Piero Vettori (Florence, 14991585) Petrus Victorius en latin, est un philologue et humaniste italien, éditeur des auteurs antiques.

Biographie[modifier | modifier le code]

Piero Vettori fait partie d'une grande famille oligarchique florentine. Cousin de Francesco Vettori, il se forme à la littérature antique à Florence. Il commence des études de droit à Pise mais doit les abandonner pour des raisons de santé. Il rentre à Florence et se remet à l'étude des auteurs antiques dans le Studio fiorentino où quelques enseignements ont été maintenus après le transfert de l'université à Pise.

En 1522, il fait à un voyage en Espagne avec son cousin Paolo Vettori, amiral des galères pontificales, parti chercher le nouveau pape Adrien VI. Il recueille en Catalogne des inscriptions antiques.

Au moment de la République florentine (1527-1530), Piero Vettori prend parti pour la République. Il est un de ses ambassadeurs, occupe divers postes, il prononce un des discours à la milice florentine. Après le retour des Médicis en 1530, il se retire quelques mois dans sa propriété agricole de San Casciano in Val di Pesa où il s'occupe de questions agricoles. Il rentre très rapidement à Florence.

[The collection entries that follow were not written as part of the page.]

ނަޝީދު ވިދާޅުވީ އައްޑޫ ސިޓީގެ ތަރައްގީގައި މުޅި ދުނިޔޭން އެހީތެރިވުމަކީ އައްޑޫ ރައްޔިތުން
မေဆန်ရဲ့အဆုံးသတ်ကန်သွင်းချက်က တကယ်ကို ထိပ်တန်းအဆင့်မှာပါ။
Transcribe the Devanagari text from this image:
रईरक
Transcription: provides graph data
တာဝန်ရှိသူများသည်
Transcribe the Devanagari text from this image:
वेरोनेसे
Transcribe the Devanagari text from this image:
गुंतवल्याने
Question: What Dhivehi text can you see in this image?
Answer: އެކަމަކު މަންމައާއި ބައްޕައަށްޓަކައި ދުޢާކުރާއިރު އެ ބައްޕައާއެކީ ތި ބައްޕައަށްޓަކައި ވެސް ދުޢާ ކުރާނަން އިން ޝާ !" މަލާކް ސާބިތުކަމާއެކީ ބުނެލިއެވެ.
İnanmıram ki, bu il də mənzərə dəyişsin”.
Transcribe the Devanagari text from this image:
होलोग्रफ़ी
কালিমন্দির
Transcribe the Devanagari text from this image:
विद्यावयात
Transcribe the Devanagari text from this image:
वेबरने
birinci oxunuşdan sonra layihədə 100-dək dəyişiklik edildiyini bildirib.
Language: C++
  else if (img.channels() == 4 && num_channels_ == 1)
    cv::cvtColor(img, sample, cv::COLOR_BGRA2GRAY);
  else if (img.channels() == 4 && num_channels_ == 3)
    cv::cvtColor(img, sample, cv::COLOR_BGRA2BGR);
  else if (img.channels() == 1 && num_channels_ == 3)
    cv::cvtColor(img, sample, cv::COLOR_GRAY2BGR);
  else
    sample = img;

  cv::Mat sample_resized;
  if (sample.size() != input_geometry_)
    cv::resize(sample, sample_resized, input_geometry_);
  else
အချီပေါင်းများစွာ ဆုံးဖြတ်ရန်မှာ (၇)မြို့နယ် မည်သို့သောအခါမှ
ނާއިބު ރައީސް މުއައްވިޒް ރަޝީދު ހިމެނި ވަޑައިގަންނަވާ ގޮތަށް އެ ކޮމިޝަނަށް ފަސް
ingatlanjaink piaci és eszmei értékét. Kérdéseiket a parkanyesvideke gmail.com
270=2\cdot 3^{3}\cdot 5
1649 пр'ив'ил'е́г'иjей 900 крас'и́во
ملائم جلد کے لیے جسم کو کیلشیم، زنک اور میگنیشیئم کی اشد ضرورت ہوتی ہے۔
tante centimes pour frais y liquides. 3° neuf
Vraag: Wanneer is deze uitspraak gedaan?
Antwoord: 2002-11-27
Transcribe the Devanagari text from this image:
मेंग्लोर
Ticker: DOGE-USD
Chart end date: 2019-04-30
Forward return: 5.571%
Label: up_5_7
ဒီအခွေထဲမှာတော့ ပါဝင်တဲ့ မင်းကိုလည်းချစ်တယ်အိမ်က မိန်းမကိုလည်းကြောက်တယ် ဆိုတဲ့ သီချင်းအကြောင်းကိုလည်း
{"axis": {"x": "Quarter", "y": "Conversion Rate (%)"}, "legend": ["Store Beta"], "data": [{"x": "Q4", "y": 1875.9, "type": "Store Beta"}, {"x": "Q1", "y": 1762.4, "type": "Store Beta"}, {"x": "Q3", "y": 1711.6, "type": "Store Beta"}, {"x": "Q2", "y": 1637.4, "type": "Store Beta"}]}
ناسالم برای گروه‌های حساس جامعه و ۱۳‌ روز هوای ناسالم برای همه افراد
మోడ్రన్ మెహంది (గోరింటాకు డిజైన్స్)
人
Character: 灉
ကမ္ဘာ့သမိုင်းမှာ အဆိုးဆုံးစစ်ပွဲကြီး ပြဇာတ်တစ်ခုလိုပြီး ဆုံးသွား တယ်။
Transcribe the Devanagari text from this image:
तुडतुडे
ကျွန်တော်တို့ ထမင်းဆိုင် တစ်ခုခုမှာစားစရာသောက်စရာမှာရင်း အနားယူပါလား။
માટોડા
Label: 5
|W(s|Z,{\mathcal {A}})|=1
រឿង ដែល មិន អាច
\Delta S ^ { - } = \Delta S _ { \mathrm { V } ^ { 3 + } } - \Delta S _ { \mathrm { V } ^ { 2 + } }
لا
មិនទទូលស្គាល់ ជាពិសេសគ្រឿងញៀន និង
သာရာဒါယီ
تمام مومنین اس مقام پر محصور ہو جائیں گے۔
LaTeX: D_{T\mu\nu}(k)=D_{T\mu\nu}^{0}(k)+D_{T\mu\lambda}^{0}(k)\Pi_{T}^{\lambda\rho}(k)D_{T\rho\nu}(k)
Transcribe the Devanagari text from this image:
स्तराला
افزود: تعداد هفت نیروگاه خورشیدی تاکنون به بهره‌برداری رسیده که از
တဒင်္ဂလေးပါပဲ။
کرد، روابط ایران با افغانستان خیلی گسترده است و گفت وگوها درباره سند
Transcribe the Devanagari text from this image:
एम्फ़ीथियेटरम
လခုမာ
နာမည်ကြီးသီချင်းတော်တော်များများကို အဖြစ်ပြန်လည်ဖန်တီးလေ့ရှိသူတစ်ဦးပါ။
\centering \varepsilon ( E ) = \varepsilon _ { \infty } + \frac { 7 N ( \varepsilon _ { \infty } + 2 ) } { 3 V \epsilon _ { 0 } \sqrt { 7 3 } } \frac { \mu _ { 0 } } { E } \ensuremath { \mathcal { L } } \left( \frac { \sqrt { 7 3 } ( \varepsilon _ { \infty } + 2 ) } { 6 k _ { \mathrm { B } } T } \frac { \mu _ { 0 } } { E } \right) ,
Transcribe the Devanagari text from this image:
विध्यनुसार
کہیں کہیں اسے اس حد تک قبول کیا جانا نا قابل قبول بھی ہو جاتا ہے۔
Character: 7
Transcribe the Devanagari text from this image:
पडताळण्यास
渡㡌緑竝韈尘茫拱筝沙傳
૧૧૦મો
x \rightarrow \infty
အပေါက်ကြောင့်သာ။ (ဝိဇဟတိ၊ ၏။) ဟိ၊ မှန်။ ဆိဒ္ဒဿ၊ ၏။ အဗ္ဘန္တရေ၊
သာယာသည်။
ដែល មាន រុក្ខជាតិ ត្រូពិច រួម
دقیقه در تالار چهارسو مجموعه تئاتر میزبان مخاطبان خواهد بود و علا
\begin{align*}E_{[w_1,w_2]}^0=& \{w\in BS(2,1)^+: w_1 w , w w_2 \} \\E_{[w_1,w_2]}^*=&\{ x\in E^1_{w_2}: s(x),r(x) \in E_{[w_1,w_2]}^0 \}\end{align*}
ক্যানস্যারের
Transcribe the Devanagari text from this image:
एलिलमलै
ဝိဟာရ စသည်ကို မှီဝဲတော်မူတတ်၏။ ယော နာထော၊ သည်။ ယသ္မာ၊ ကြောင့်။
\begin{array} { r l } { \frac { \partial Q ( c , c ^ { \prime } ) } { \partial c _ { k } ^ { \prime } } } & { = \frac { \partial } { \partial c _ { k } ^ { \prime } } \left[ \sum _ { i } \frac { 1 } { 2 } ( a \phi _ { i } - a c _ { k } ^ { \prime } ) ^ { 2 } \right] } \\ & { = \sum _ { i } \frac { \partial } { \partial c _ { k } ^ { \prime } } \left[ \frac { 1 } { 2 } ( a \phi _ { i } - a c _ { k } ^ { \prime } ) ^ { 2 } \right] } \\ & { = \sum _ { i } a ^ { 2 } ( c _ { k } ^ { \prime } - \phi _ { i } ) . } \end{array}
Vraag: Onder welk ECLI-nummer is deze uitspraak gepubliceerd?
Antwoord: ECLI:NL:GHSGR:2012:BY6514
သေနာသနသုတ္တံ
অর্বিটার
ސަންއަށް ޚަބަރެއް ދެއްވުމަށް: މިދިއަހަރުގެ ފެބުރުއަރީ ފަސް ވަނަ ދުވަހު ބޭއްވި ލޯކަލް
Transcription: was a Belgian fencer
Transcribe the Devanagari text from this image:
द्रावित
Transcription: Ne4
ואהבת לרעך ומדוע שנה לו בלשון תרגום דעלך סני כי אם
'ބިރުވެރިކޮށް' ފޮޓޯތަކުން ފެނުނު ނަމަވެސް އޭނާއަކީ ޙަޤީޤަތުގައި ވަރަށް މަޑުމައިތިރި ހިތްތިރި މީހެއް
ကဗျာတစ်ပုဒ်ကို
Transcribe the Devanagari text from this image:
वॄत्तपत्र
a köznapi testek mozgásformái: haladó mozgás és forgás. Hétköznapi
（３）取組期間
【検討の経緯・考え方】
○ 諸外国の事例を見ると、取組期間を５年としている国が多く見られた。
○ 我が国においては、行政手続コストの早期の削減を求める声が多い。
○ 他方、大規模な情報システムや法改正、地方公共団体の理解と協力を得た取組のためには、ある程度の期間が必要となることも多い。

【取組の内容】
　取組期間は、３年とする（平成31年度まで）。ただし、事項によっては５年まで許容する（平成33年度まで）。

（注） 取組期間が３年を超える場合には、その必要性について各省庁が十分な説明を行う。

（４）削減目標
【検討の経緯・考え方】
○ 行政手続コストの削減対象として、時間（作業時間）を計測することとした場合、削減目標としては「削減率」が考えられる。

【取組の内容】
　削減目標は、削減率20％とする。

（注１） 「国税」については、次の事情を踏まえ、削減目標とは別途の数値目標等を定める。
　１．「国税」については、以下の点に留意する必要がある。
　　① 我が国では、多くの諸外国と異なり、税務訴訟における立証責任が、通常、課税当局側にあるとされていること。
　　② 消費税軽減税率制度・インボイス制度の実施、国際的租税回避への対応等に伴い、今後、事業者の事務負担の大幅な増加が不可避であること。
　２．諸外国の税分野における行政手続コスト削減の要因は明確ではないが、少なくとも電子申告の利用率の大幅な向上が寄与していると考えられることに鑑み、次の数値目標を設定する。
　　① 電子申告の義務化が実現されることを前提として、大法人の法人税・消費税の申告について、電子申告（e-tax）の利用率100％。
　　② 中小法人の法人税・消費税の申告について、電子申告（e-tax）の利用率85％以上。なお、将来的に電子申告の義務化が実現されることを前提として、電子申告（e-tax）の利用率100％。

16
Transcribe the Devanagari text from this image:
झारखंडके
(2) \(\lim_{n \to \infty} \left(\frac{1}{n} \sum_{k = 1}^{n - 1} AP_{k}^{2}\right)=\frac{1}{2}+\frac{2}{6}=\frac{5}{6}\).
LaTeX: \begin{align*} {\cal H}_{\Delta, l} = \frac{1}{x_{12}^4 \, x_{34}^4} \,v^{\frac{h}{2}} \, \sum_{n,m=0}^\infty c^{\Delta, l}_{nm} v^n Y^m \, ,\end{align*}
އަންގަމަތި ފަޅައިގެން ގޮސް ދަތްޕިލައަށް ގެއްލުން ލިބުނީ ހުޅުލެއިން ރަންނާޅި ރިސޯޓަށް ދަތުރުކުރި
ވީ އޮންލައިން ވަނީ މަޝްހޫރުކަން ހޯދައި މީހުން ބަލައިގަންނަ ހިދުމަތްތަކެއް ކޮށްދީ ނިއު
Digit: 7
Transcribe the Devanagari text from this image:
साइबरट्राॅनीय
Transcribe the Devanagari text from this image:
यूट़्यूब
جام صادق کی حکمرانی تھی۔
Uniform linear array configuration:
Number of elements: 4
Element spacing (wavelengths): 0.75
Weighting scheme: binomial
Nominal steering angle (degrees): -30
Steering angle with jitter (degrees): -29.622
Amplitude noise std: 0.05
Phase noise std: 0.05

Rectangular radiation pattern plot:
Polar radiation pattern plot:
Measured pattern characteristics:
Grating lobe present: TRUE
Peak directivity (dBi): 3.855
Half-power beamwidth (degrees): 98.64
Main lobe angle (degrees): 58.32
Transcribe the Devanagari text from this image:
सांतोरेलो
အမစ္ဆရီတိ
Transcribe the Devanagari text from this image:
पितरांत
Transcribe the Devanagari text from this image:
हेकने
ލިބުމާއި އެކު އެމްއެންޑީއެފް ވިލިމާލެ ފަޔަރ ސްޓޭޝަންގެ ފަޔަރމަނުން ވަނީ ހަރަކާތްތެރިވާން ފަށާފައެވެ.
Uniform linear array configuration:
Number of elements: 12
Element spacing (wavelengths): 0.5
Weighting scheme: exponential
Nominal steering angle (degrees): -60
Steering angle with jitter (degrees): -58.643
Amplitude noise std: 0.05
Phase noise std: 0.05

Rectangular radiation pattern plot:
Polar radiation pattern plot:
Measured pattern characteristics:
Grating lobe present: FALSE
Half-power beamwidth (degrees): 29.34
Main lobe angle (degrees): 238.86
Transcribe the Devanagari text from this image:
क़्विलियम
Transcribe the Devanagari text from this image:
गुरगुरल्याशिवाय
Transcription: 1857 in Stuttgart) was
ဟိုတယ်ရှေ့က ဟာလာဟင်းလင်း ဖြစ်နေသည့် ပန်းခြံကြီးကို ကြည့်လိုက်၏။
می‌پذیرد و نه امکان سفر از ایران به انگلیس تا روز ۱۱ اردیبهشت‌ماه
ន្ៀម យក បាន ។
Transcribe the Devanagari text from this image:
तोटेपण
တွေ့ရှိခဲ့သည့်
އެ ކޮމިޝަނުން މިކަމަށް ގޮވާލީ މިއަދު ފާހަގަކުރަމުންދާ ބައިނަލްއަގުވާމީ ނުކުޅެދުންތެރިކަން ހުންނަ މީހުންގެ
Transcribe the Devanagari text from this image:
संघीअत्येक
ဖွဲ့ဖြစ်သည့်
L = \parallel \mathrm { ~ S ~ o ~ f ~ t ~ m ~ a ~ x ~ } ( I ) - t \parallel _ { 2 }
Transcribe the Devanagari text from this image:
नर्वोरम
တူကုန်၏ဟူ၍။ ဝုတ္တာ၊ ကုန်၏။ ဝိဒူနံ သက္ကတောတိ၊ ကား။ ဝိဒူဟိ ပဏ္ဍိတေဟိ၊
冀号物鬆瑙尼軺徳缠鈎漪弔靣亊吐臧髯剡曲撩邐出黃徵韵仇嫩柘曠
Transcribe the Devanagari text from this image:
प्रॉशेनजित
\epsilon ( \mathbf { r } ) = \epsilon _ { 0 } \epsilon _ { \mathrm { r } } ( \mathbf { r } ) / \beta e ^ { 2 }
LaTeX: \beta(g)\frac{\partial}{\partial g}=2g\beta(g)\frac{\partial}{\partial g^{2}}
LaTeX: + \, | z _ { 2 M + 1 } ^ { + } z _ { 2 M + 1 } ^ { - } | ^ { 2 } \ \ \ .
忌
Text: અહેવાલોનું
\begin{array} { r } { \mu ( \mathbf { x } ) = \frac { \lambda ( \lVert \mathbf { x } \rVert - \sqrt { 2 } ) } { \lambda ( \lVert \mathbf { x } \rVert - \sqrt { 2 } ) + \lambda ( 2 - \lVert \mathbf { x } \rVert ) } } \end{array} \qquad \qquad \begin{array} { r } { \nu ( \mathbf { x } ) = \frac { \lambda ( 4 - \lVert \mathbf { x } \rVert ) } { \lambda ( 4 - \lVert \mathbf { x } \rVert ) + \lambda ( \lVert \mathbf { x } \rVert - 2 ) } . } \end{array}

Dès son arrivée au pouvoir, le grand-duc Cosme Ier de Médicis le fait solliciter pour devenir professeur au Studio. Vettori hésite un moment, séjourne quelques semaines à Rome pour y chercher un emploi mais rentre à Florence et devient professeur de latin et de grec, puis de grec uniquement, au Studio, où il restera jusqu'à sa retraite en 1584. Parallèlement, il commence à s'occuper d'éditer les auteurs antiques en participant à l'édition des œuvres complètes de Cicéron chez les Giunti de Venise, complétant ainsi le premier volume de Navagero.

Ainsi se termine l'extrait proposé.